Los libros de texto suelen ser el vehículo en el que viajan la mayor parte de las enseñanzas que marcan los aprendizajes en las aulas; desde hace décadas condicionan casi todo el saber pedagógico que el profesorado utiliza. Las editoriales que los sirven, que negocian con ellos, vienen quejándose hace años de que los cambios normativos les impiden adaptarlos a tiempo a las nuevas formalidades que se les exigen. Seguramente tienen razón, también cuando hace unos días lamentaban la postura de los políticos que mandan en cada comunidad, pues les piden maquillar determinados contenidos que no ensalzan la cultura reciente de los territorialismos identitarios. Imaginamos que ambos asuntos, como otros que denuncia la ANELE en su informe balance publicado recientemente, no mermarán la calidad del producto final.

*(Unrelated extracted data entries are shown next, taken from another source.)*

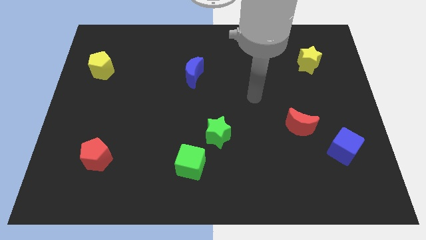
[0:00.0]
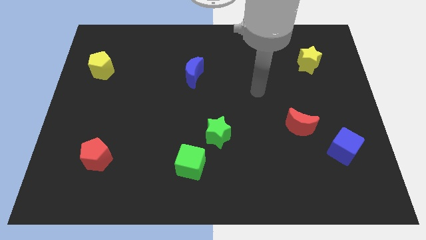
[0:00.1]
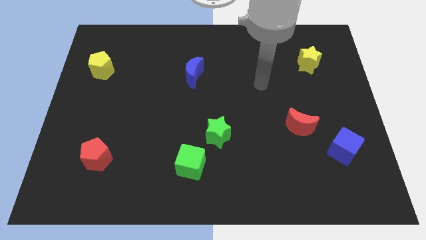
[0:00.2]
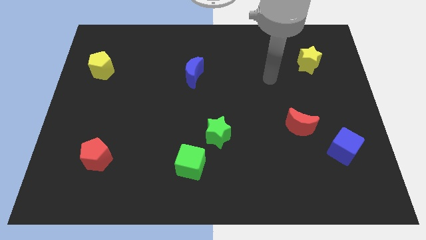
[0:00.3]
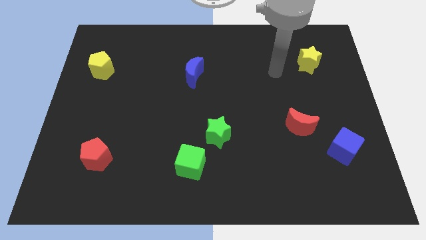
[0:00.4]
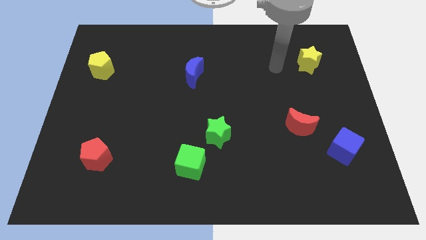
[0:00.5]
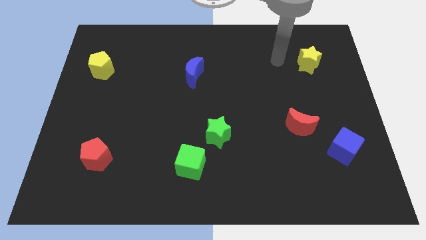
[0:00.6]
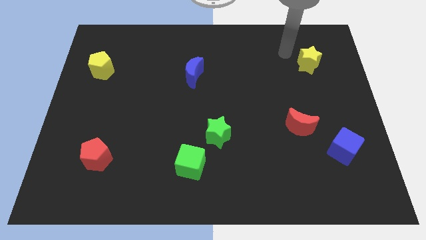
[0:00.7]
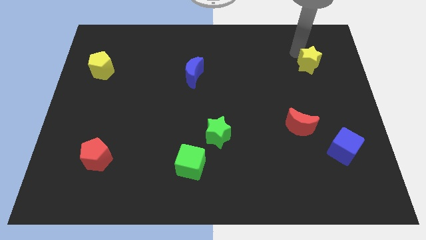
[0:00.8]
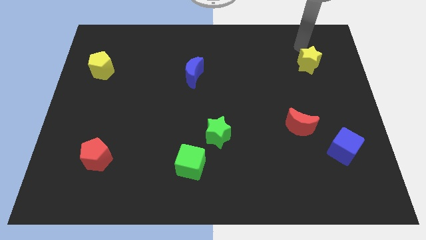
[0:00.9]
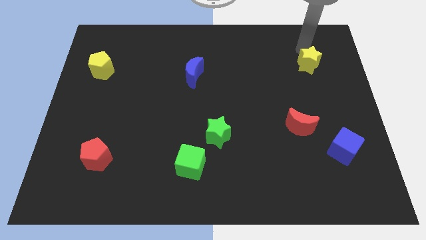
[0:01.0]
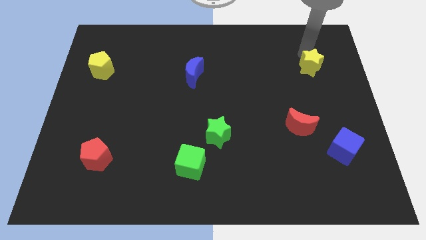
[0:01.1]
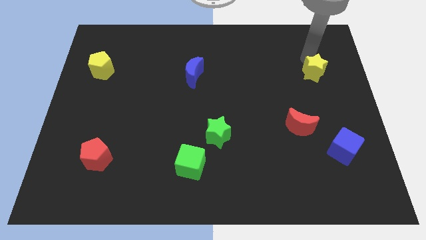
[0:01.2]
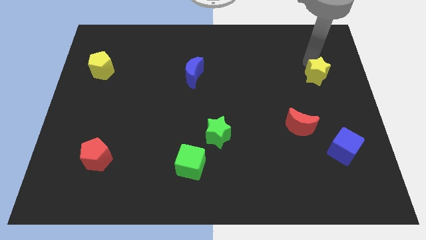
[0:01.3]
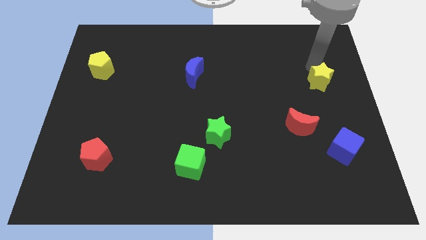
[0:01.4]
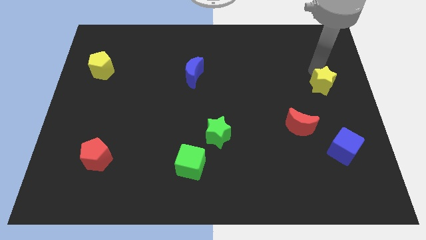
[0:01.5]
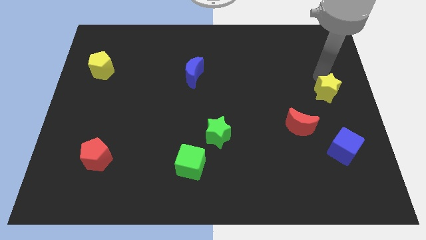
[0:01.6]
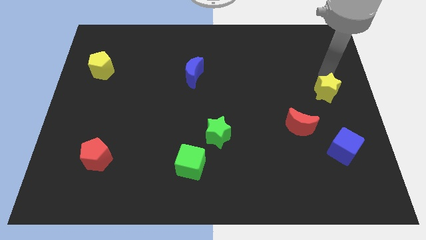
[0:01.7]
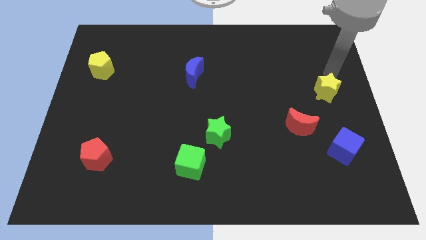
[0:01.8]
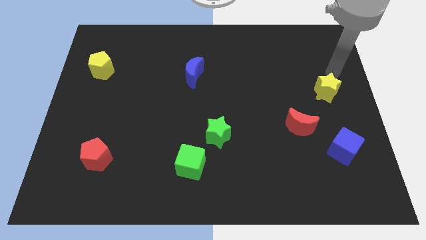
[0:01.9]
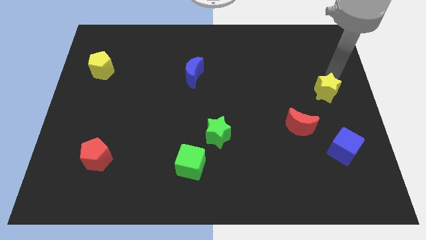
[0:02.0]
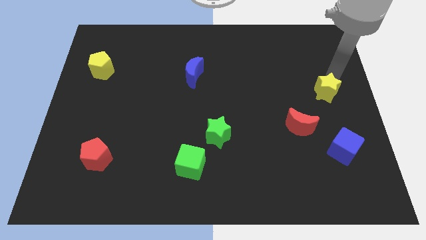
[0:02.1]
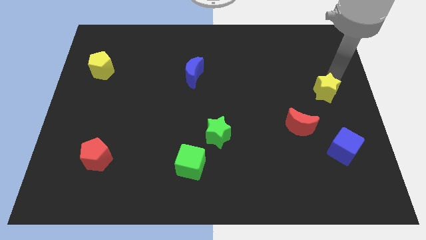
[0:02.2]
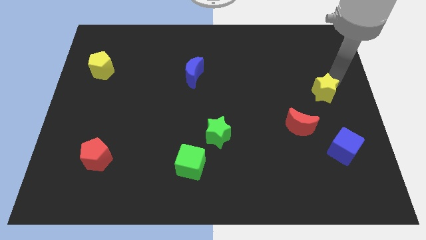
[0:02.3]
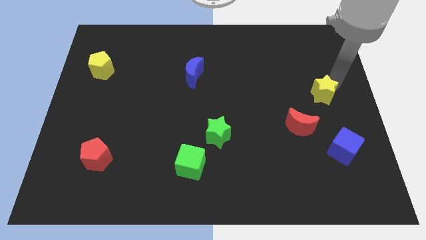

Asunto este del cual hablan poco las autoridades educativas, casi el profesorado y sus representantes y menos las editoriales.
Los libros de texto son caros y, según bastantes profesores, bastante mejorables en varios aspectos. Por eso, no estaría de más cuestionarse si son necesarios en todos los niveles educativos y en cualquier materia, si sirven en los formatos actuales o deberían contener otras presentaciones: más propositivas y creativas, apoyadas en metodologías más incentivadoras de búsquedas para el profesorado y el alumnado. Quizás así, expurgando también su contenido, valdrían para varios años, independientemente de las normativas y de las apetencias del mandamás educativo de turno. Sabemos que no es sencillo cambiar inercias en la producción y uso de materiales, pero por proponer estilos diferentes nos atrevemos a formular un deseo: más maestros, mejor capacitados y con tiempos para preparar sus clases; y menos apego a los muchos libros de texto.
Publicado en Heraldo escolar el 9 de octubre de 2019.